Но дом для Витьки в этот день не оказался спасительной крепостью. Увидев сына, вывалянного в снегу, с пятнами грязи от сырой земли на новеньком пальтишке, мать принялась его отчитывать. А когда проверила портфель, пока он раздевался в коридоре, и не обнаружила там новенького пенала, то разругалась всерьез и пошла в спальню за отцовским офицерским ремнем, который висел на гвозде за дверью, еще пахнувшей свежей голубой краской. Отец использовал его для шлифовки, «правил лезвие», как он говорил, трофейной бритвы фирмы «Зингер», которой ежедневно брился за столом у окна в комнате, где жили его дети – сын и младшая дочь. К тому же, похоже, ремень за дверью в детской отец повесил и для отстрастки, чтобы Витька не забывал о неизбежности наказания, если посмеет натворить что-то из ряда вон выходящее. Все, что с ним сегодня произошло, по его мальчишечьим понятиям, на такое наказание не тянуло.

Поэтому при виде матери с ремнем в руках Витька остолбенел. Не столько от страха, сколько от обиды и унижения. Стоял в коридоре, как вкопанный, и тупо смотрел на доски пола, между которыми виднелись небольшие щели – торопились строить дома, толком не просушили сосновые доски, те в тепле малость сузились, вот и трещины появились. И Витьке в душе стало так больно и обидно, что он готов был в эту минуту превратиться в серую мышь, как в сказке про кота в сапогах, и проскользнуть через одну из этих щелей в полу. Но, увы, это было невозможно. Вернувшаяся из своей спальни с ремнем в руках мать, прикрикивая на сына, ловко замахнулась и полоснула ремнем по Витькиному плечу и спине. Отчего их словно огнем обожгло.

Витька попытался выхватить ремень из рук матери, но у него не получилось, физически она была крепкая и еще молодая, с крупными и сильными руками, надутыми и покрасневшими от минутного гнева щеками и перекошенным ртом, повторявшим одни и те же обидные слова: «Вот тебе, засранец! Вот тебе..!»

Не столько от боли, сколько от незаслуженной обиды – мать даже не выслушала его объяснение по поводу случившегося накануне и принялась ругать и стегать ремнем – Витька заревел и из глаз его ручьями побежали горькие мальчишечьи слезы.

Мать это не разжалобило. Словно войдя в раж, она стала хлестать Витьку по мягкому месту еще сильнее.

Тут уж Витька не выдержал и закричал на мать: «Ты хуже зверя, злая, злая и нехорошая, я тебя ненавижу!».

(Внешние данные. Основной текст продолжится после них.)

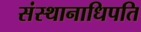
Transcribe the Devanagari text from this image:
संस्थानाधिपति
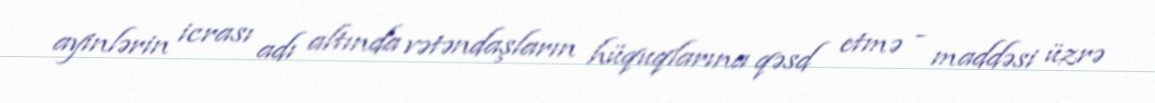
ayinlərin icrası adı altında vətəndaşların hüquqlarına qəsd etmə - maddəsi üzrə
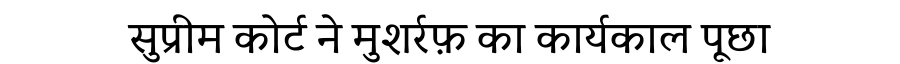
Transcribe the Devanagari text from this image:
सुप्रीम कोर्ट ने मुशर्रफ़ का कार्यकाल पूछा
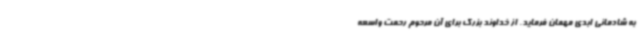
به شادمانی ابدی مهمان فرماید. از خداوند بزرگ برای آن مرحوم رحمت واسعه
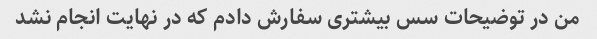
من در توضیحات سس بیشتری سفارش دادم که در نهایت انجام نشد
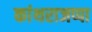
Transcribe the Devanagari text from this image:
कांथराजप्पा
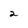
Character: 2
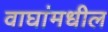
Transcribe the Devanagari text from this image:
वाघांमधील
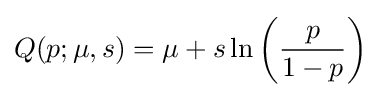
Q(p;\mu ,s)=\mu +s\ln \left({\frac {p}{1-p}}\right)
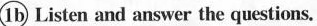
1 b Listen and answer the questions.
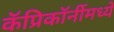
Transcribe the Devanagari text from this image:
कॅप्रिकॉर्नीमध्ये
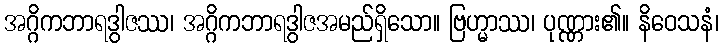
အဂ္ဂိကဘာရဒွါဇဿ၊ အဂ္ဂိကဘာရဒွါဇအမည်ရှိသော။ ဗြဟ္မာဿ၊ ပုဏ္ဏား၏။ နိဝေသနံ၊
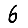
Digit: 6
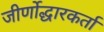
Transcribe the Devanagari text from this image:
जीर्णोद्धारकर्ता
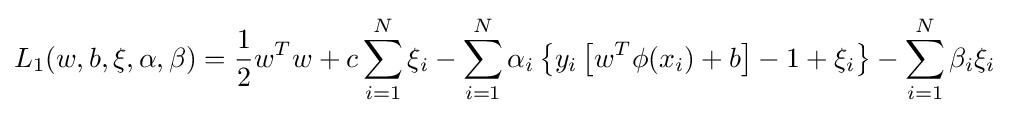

От этих слов мать опешила и словно окаменела. Перестала наносить удары ремнем. Витька воспользовался этим замешательством и рванулся к двери, в одной льняной сорочке и школьных брюках пулей вылетел во двор и затем, хлопнув калиткой, помчался по продувной, тормозившей его встречным восточным ветром улице. Южное лукавое солнце выглянуло из-за низко пролетавших над косогором свинцовых туч, и снег на дороге стал подтаивать, постепенно превращаясь под колесами проезжавших машин в коричневое месиво. Мальчик со всех ног пустился вдоль по Ялтинской в сторону поселка Ташкала, где был еще не застроенный пустырь и местные пацаны, играя в войну, выкопали землянки. В одной из них он хотел укрыться. Но, как оказалось, от прошедших накануне дождей и подтаявшего к полудню первого снега они были залиты мутной и к тому же ледяной в эту пору водой. Витька понял, что в землянке ему не укрыться. Побитый и униженный, он как загнанный в угол звереныш, оглядывался вокруг, ища убежища. Но ничего, кроме цементно-асбестовых светло-серых труб, сброшенных с грузовиков рядом с глубокой четырехметровой канавой будущего канализационного коллектора, не увидел. А когда оглянулся назад, заметил метрах в двухстах от этого места направлявшуюся к нему быстрыми шагами мать.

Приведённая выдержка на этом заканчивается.